Chapitre 22
D'une certaine manière, quand Maddie a dit ''armée'', je m'étais imaginé des rangs et des rangs de soldats en uniforme et avec des armes.
Ce n'était pas ça.
Je m'étais extirpée de notre deuxième voiture volée et trébuchai, les jambes en compote d'être restée assise si longtemps, puis vis finalement notre camp ressemblant plus à une représentation théâtrale où personne n'était capable de mettre la main sur son costume. Hommes, femmes, enfants et toute une bande d'adolescents errant ici et là. Certaines personnes portaient des vêtements formels, comme s'ils sortaient d'une réunion et qu'ils avaient décidé de voir ce qu'il se passait, alors que d'autres portaient des jeans troués et de vieux T-shirts et la plupart trainait en bas de pyjama et pulls usés. Et par-dessus tout, une grande majorité n'avait même pas d'arme. Je vis plusieurs femmes dans la quarantaine regroupées ensemble avec des couteaux de cuisine, un homme avec une bat de baseball en métal, et un jeune homme avec de longs cheveux verts et une poêle à frire. Il y avait une vingtaine de personnes réunissant des balais et essayant de les casser et de les aiguiser en pieux dans un coin du camp.
C'était les uniques armes que possédaient les gens ici. Mais une grande majorité n'en avait pas du tout, je vis des familles avec de jeunes enfants, tout le monde inquiet et l'air nerveux.
On avait fait ça. Maddie, Aretha, Alex, Sofia, Jas et moi – si rien n'arrive à ces personnes, si aucun de ces enfants ne devient orphelin ou ne se fait tué – ce serait de notre faute.
C'était presque assez pour faire trembler mes genoux sous la pression.
Je mis ce sentiment de côté, essayant d'avoir l'air calme et confiant alors que j'avançais à travers les hautes herbes, me dirigeant vers la tente blanche s'envolant du centre du siège dirigeant de fortune. C'était comme si je m'approchais de l'œil d'un cyclone, et le vent soufflant violemment à travers les arbres sous le ciel gris n'enlevait rien à cette impression.
« Oh, tu es là. Bien. Je pensais que tu allais être en retard. » Dit Maddie alors que j'entrais, ne levant même pas les yeux du bureau sur lequel elle était penchée.
« On a eu quelques problèmes à voler une voiture »
« D'ailleurs, où est le reste du 'on' ? »
« En train de décharger la voiture, de ce que je sais » Je m'arrêtai, pesant mes mots. « Tu crois qu'on est fous ? D'essayer de faire ça, je veux dire »

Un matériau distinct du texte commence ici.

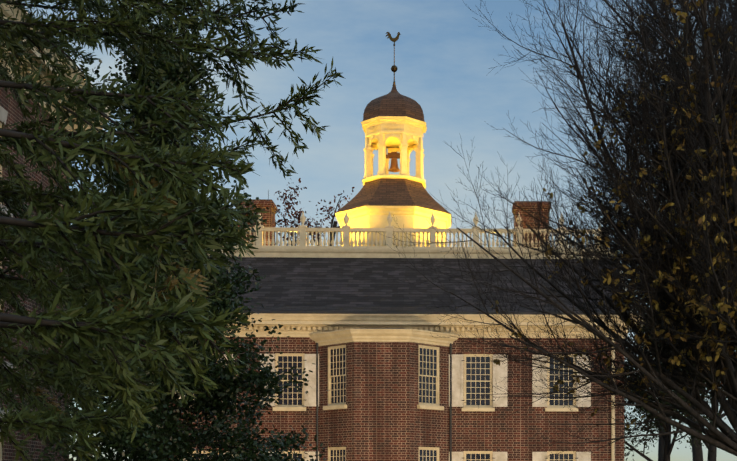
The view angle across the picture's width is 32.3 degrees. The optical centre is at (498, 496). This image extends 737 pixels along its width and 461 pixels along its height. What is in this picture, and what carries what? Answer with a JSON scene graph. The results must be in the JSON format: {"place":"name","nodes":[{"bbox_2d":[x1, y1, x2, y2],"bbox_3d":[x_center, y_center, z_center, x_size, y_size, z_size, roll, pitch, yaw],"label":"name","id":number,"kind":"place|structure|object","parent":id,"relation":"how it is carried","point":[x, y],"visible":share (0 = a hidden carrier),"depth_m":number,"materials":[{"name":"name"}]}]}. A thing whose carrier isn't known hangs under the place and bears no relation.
{"place":"outdoors","nodes":[
{"label":"outdoors","id":0,"kind":"place"},
{"bbox_2d":[0,79,68,460],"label":"annex wall","id":1,"kind":"structure","parent":0,"point":[14,112],"depth_m":27.64,"materials":[{"name":"brown brick"}]},
{"bbox_2d":[0,122,1,460],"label":"window","id":2,"kind":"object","parent":1,"relation":"in","point":[0,308],"visible":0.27,"depth_m":26.29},
{"bbox_2d":[0,106,41,430],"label":"building trim","id":3,"kind":"structure","parent":1,"relation":"attached to","point":[3,114],"depth_m":26.20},
{"bbox_2d":[0,0,110,131],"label":"annex cornice","id":4,"kind":"structure","parent":1,"relation":"on","point":[9,13],"depth_m":27.41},
{"bbox_2d":[0,28,328,460],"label":"holly","id":5,"kind":"object","parent":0,"point":[177,446],"depth_m":21.29,"materials":[{"name":"green plant"}]},
{"bbox_2d":[0,0,345,460],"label":"conifer","id":6,"kind":"object","parent":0,"point":[144,289],"depth_m":4.85,"materials":[{"name":"green plant"}]},
{"bbox_2d":[20,0,736,460],"label":"sky","id":7,"kind":"structure","parent":0,"point":[443,56],"materials":[{"name":"blue"}]},
{"bbox_2d":[372,134,418,146],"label":"cupola ceiling","id":8,"kind":"structure","parent":0,"point":[392,142],"depth_m":47.21,"materials":[{"name":"paint"}]},
{"bbox_2d":[376,0,736,460],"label":"bare tree","id":9,"kind":"object","parent":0,"point":[653,36],"depth_m":14.28,"materials":[{"name":"brown plant"}]},
{"bbox_2d":[490,0,736,427],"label":"bare tree leaves","id":10,"kind":"object","parent":9,"relation":"attached to","point":[722,308],"visible":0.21,"depth_m":13.98,"materials":[{"name":"plant"}]},
{"label":"ground","id":11,"kind":"structure","parent":0,"visible":0},
{"bbox_2d":[69,210,120,458],"bbox_3d":[-14.753,-4.664,46.090,6.610,12.875,6.846,0,0,-2],"label":"trunk","id":12,"kind":"object","parent":11,"relation":"on","point":[72,408],"depth_m":45.30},
{"bbox_2d":[275,195,343,245],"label":"tree branches","id":13,"kind":"object","parent":11,"relation":"on","point":[334,224],"visible":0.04,"depth_m":56.18,"materials":[{"name":"brown plant"}]},
{"bbox_2d":[275,178,354,245],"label":"tree leaves","id":14,"kind":"object","parent":13,"relation":"on","point":[296,213],"visible":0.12,"depth_m":56.79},
{"bbox_2d":[319,342,353,460],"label":"bay wall","id":15,"kind":"structure","parent":11,"relation":"on","point":[336,427],"depth_m":40.06,"materials":[{"name":"brick"}]},
{"bbox_2d":[354,342,408,460],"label":"bay wall","id":16,"kind":"structure","parent":11,"relation":"on","point":[381,401],"depth_m":39.49,"materials":[{"name":"brick"}]},
{"bbox_2d":[142,337,623,460],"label":"wall","id":17,"kind":"structure","parent":11,"relation":"on","point":[489,431],"depth_m":40.84,"materials":[{"name":"brick"}]},
{"bbox_2d":[175,354,590,460],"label":"shutters","id":18,"kind":"object","parent":17,"relation":"attached to","point":[500,371],"visible":0.56,"depth_m":40.76,"materials":[{"name":"paint"}]},
{"bbox_2d":[316,343,451,460],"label":"downspouts","id":19,"kind":"object","parent":17,"relation":"attached to","point":[450,400],"visible":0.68,"depth_m":40.70,"materials":[{"name":"grey metal"}]},
{"bbox_2d":[192,247,642,460],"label":"white trim","id":20,"kind":"structure","parent":17,"relation":"attached to","point":[324,329],"depth_m":40.51,"materials":[{"name":"paint"}]},
{"bbox_2d":[354,328,406,328],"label":"bay roof","id":21,"kind":"structure","parent":20,"relation":"on","point":[380,328],"depth_m":39.57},
{"bbox_2d":[206,257,623,307],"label":"roof","id":22,"kind":"structure","parent":20,"relation":"on","point":[363,282],"depth_m":42.21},
{"bbox_2d":[238,306,627,314],"bbox_3d":[-3.703,-5.975,40.570,15.840,0.120,0.825,0,19,-2],"label":"roof kick","id":23,"kind":"object","parent":20,"relation":"on","point":[350,308],"visible":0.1,"depth_m":40.55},
{"bbox_2d":[244,311,639,314],"bbox_3d":[-3.693,-5.856,40.220,16.740,0.070,0.160,0,0,-2],"label":"eave gutter","id":24,"kind":"object","parent":20,"relation":"on","point":[351,312],"visible":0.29,"depth_m":40.14,"materials":[{"name":"metal"}]},
{"bbox_2d":[611,338,614,460],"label":"corner downpipes","id":25,"kind":"object","parent":20,"relation":"attached to","point":[612,428],"visible":0.23,"depth_m":40.79,"materials":[{"name":"white paint"}]},
{"bbox_3d":[-3.880,-8.536,46.718,15.700,0.040,6.300,0,0,-2],"label":"roof deck","id":26,"kind":"object","parent":20,"relation":"on","visible":0},
{"bbox_2d":[236,199,277,245],"bbox_3d":[-8.978,-9.571,46.571,1.410,2.590,1.110,0,0,-2],"label":"chimney","id":27,"kind":"object","parent":26,"relation":"on","point":[269,204],"visible":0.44,"depth_m":46.11,"materials":[{"name":"brick"}]},
{"bbox_2d":[335,116,450,246],"bbox_3d":[-3.880,-11.151,46.718,4.213,5.190,4.213,0,0,-2],"label":"cupola","id":28,"kind":"object","parent":26,"relation":"on","point":[406,127],"visible":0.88,"depth_m":45.66,"materials":[{"name":"white paint"}]},
{"bbox_2d":[386,152,399,158],"bbox_3d":[-3.898,-12.246,46.717,0.875,1.160,0.500,0,0,-2],"label":"bell yoke","id":29,"kind":"object","parent":28,"relation":"attached to","point":[391,155],"visible":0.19,"depth_m":46.66,"materials":[{"name":"brown wood"}]},
{"bbox_2d":[388,158,399,171],"bbox_3d":[-3.880,-12.286,46.718,0.450,0.520,0.450,0,0,-2],"label":"bell","id":30,"kind":"object","parent":29,"relation":"hanging from","point":[394,167],"visible":1,"depth_m":46.61,"materials":[{"name":"brown metal"}]},
{"bbox_2d":[335,178,451,223],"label":"cupola roof","id":31,"kind":"structure","parent":28,"relation":"on","point":[391,192],"depth_m":45.44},
{"bbox_2d":[363,86,424,121],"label":"dome roof","id":32,"kind":"structure","parent":28,"relation":"on","point":[394,102],"depth_m":45.83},
{"bbox_2d":[386,32,399,85],"bbox_3d":[-3.918,-16.219,46.731,0.546,2.045,0.257,0,0,19],"label":"weather vane","id":33,"kind":"object","parent":32,"relation":"on","point":[394,68],"visible":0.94,"depth_m":46.70,"materials":[{"name":"black metal"}]},
{"bbox_2d":[213,211,608,248],"bbox_3d":[-3.880,-9.234,46.718,15.280,1.335,6.240,0,0,-2],"label":"balustrade","id":34,"kind":"object","parent":26,"relation":"on","point":[346,230],"visible":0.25,"depth_m":43.67,"materials":[{"name":"white paint"}]},
{"bbox_2d":[512,201,550,246],"bbox_3d":[1.218,-9.571,46.864,1.410,2.590,1.110,0,0,-2],"label":"chimney","id":35,"kind":"object","parent":26,"relation":"on","point":[526,218],"visible":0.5,"depth_m":46.38,"materials":[{"name":"brick"}]},
{"bbox_3d":[-3.700,-2.256,40.467,12.580,5.080,1.025,0,0,-2],"label":"window backing","id":36,"kind":"object","parent":17,"relation":"attached to","visible":0},
{"bbox_2d":[194,348,572,460],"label":"window panes","id":37,"kind":"object","parent":36,"relation":"attached to","point":[285,397],"visible":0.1,"depth_m":40.73,"materials":[{"name":"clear glass"}]},
{"bbox_2d":[409,342,448,460],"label":"bay wall","id":38,"kind":"structure","parent":11,"relation":"on","point":[428,428],"depth_m":40.12,"materials":[{"name":"brick"}]},
{"bbox_2d":[624,331,702,460],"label":"tree branches","id":39,"kind":"object","parent":11,"relation":"on","point":[668,445],"visible":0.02,"depth_m":50.19,"materials":[{"name":"brown plant"}]},
{"bbox_2d":[624,298,735,460],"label":"tree leaves","id":40,"kind":"object","parent":39,"relation":"attached to","point":[654,427],"visible":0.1,"depth_m":49.75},
{"bbox_2d":[630,289,702,460],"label":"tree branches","id":41,"kind":"object","parent":11,"relation":"on","point":[697,453],"depth_m":70.93,"materials":[{"name":"brown plant"}]},
{"bbox_2d":[631,167,736,460],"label":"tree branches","id":42,"kind":"object","parent":11,"relation":"on","point":[660,448],"depth_m":61.11,"materials":[{"name":"brown plant"}]},
{"bbox_2d":[675,353,735,460],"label":"tree branches","id":43,"kind":"object","parent":11,"relation":"on","point":[712,456],"depth_m":61.49,"materials":[{"name":"brown plant"}]}
]}

Maddie me dévisagea, un rictus se dessinant sur ses lèvres. « Tu as été folle de rejoindre Wrobel. Ceci est suicidaire »
Un léger bruissement derrière moi fut le seul signe me disant que les autres nous avaient rejointes, jusqu'à ce que Jas parle. « Alors pourquoi est-ce que tu fais ça ? Enfin, tu es libre. Xander n'a pas été marqué ou emmené dans une Ecole. Pourquoi ne pas fuir, laissant le reste du monde faire face à son destin ? »
Il y eut une pause angoissante alors que tout le monde regardait Maddie, curieux de savoir sa réponse. Doucement, ça venait, les mots sortirent de sa bouche. « Quand j'étais petite, mes parents sont morts. Ce n'était pas les Evos. Ce n'était pas une sorte d'exécution dramatique ou de double-homicide. Mon père travaillait cent heures par semaine, dormait rarement, ne mangeait jamais. Il tomba malade – très malade. Pas longtemps après, il est mort, ma mère ne fut alors plus capable de mettre à manger sur la table, et tout ce qu'elle arrivait avoir était directement pour Xander ou moi. Parfois, elle était tellement faible, qu'elle ne pouvait quasiment plus bouger. Nous avons essayé de l'aider, mais je n'avais même pas dix ans – je ne pouvais rien faire, surtout alors que Xander était encore trop jeune pour quitter la maison et que je pouvais être emmenée par les Evos. »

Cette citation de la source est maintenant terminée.